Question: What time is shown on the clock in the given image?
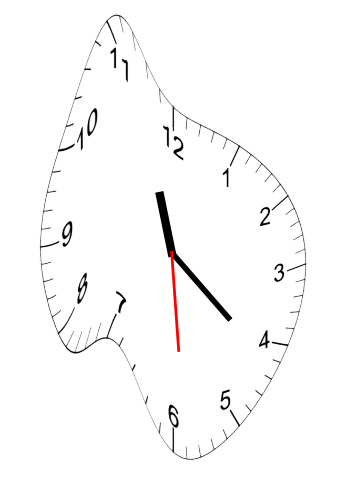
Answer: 11:21:29
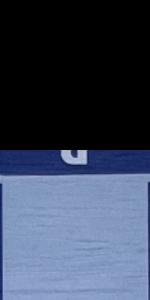
Label: Empty
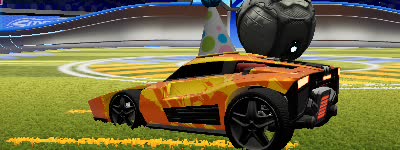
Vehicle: breakout
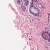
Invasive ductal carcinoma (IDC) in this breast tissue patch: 0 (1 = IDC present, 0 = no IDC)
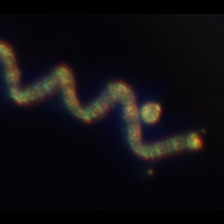
Taxon: Chaetoceros
Group: Diatoms
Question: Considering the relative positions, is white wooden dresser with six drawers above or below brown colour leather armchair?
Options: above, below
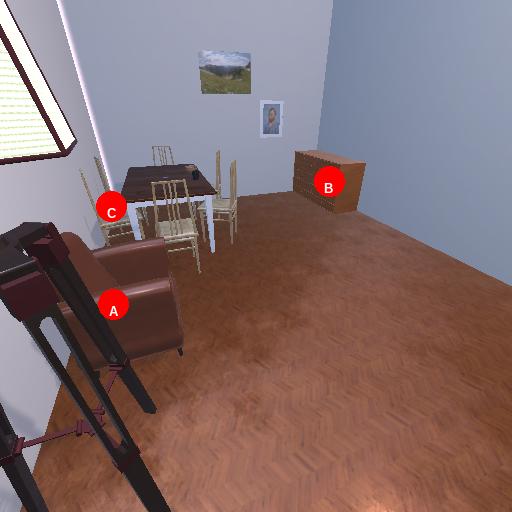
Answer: above
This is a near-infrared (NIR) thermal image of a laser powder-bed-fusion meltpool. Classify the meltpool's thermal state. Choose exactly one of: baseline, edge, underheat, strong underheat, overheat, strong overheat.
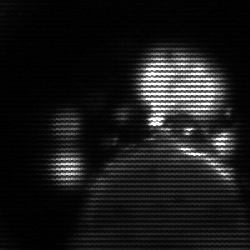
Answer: baseline
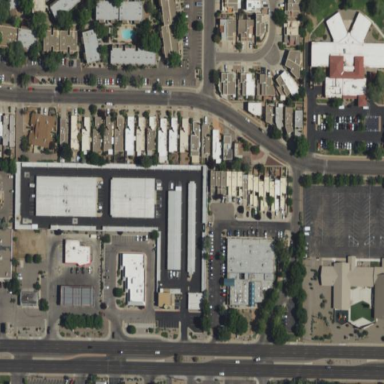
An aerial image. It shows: Garages as the designated land use.
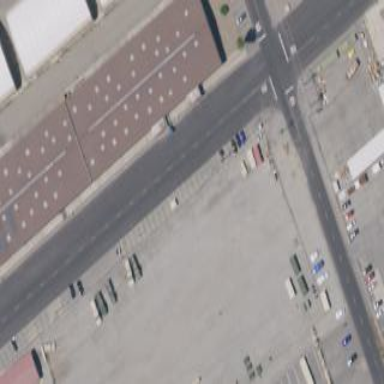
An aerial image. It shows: Warehouse.
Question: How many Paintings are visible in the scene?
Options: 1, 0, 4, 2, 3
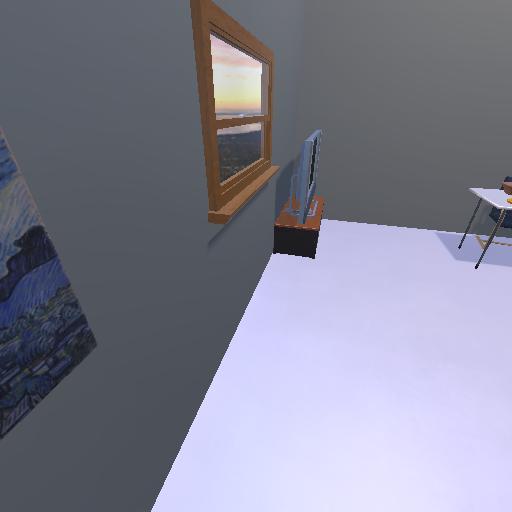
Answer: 1
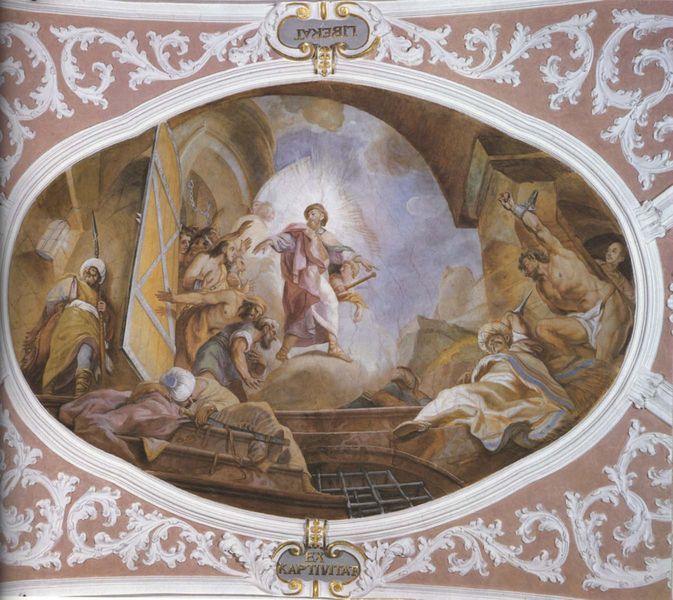
Titel: Deckenfresken aus Sankt Jakob in Ensdorf
Künstler: Cosmas Damian Asam
Standort: Ensdorf, ehem. Benediktiner-Klosterkirche St. Jakob (EU - D - Bayern)
Schlagwörter: gemälde, himmel, mann, nackt, weiß, menschen, braun, fenster, männer, szene, tür, beige, malerei, architektur, rahmen, wache, gitter, decke, gewänder, kind, oval, engel, stab, kette, muskeln, stuck, stufen, tor, glaube, religion, strahlen, gefangen, schwert, waffen, ketten, allegorie, gefängnis, kerker, christus, jesus, freiheit, qual, vatikan, erscheinung, heiliger, fresko, gefangener, orientalismus, turban, ind, italienisch, mandorla, gefesselt, türken, rankenwerk, stuckatur, rocaillen, befreiung, graffiti, begnadigung, lichterglanz
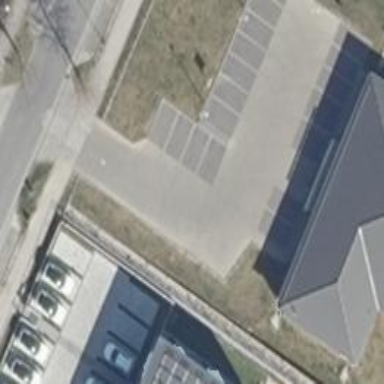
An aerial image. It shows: Parking aisle designated as service road.
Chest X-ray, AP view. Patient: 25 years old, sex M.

════════

Your objective: Print the listing exactly, but skip its pictures.

Exercise result:
Question: What time is shown on the clock in the given image?
Answer: 11:21:29
Label: Empty
Vehicle: breakout
Invasive ductal carcinoma (IDC) in this breast tissue patch: 0 (1 = IDC present, 0 = no IDC)
Taxon: Chaetoceros
Group: Diatoms
Question: Considering the relative positions, is white wooden dresser with six drawers above or below brown colour leather armchair?
Options: above, below
Answer: above
This is a near-infrared (NIR) thermal image of a laser powder-bed-fusion meltpool. Classify the meltpool's thermal state. Choose exactly one of: baseline, edge, underheat, strong underheat, overheat, strong overheat.
Answer: baseline
An aerial image. It shows: Garages as the designated land use.
An aerial image. It shows: Warehouse.
Question: How many Paintings are visible in the scene?
Options: 1, 0, 4, 2, 3
Answer: 1
Titel: Deckenfresken aus Sankt Jakob in Ensdorf
Künstler: Cosmas Damian Asam
Standort: Ensdorf, ehem. Benediktiner-Klosterkirche St. Jakob (EU - D - Bayern)
Schlagwörter: gemälde, himmel, mann, nackt, weiß, menschen, braun, fenster, männer, szene, tür, beige, malerei, architektur, rahmen, wache, gitter, decke, gewänder, kind, oval, engel, stab, kette, muskeln, stuck, stufen, tor, glaube, religion, strahlen, gefangen, schwert, waffen, ketten, allegorie, gefängnis, kerker, christus, jesus, freiheit, qual, vatikan, erscheinung, heiliger, fresko, gefangener, orientalismus, turban, ind, italienisch, mandorla, gefesselt, türken, rankenwerk, stuckatur, rocaillen, befreiung, graffiti, begnadigung, lichterglanz
An aerial image. It shows: Parking aisle designated as service road.
Chest X-ray, AP view. Patient: 25 years old, sex M.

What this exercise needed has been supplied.